I think the best you can do is be as non-negative as you can be and show them a happy time in whatever pre-cancer, pre-Holocaust, pre-Apocalypse time we got left. Call me a cock-eyed optimist.
What advice would you give to young men who are wary of marriage or fatherhood?
First of all, I would tell them not to take any advice. I think a lot of miserable fathers—and mothers, for that matter—will tell people to have kids so they can enjoy their company while they’re miserable fucks. In my case, I’d just tell them to relax. It doesn’t really do anything but enable you to stop thinking about your own ass. Once you have a kid, self-obsession ends. It’s not about you anymore. In that sense, I would recommend it for all egotists and narcissists. It’s a great way to cure that.
Do you miss any sense of freedom since you became a father again or have you maintained a separate self?
If I understand the subtext of that question, I’ve pretty much done all the wild shit I could squeeze into my life. I don’t know that there’s any new vice I could partake in. I don’t miss it. I think, for me, square is the last frontier.
Was there any hesitation about writing about your daughter before she was even born or thoughts about how she might feel reading it when she’s older?
Well, the good news is, by the time she’s old enough to comprehend, I’ll probably be dead or drooling in a corner somewhere, so she might have mercy.

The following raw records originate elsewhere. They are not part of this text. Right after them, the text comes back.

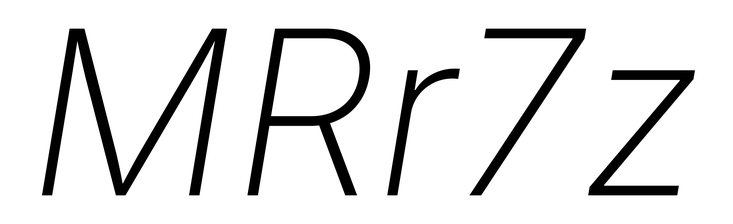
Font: Inter-Italic_ExtraLight_Italic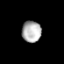
Tissue: prostate
Cell type: T cells
Senescence score: 0.8357
Nuclear area (px): 404
Mean DAPI intensity: 176.371

I don’t say anything bad. One thing I’ve learned, having written two memoirs—Permanent Midnight and then this—I always make myself the biggest asshole in any narrative and everybody else comes off looking pretty good.
What are your goals professionally from here on out? Are you happy with the amount you’re writing and how your work has been received?
I have no expectations for my books, really. I have a hardcore cult following who always buy them. I’m certainly not a mainstream dish. I make no claims to be Jonathan Franzen. Weirdly, my books do great in France. I always feel like some Dexter Gordon cat who doesn’t get the heat in his own country but who, over in France, is treated like a fucking rock star. It balances out. To answer your question specifically: nah. I’m cool with it. It doesn’t wow me. I’m not on the covers of magazines like I used to be but when you write the stuff I write, it would be pretentious to think that everybody’s going to embrace you.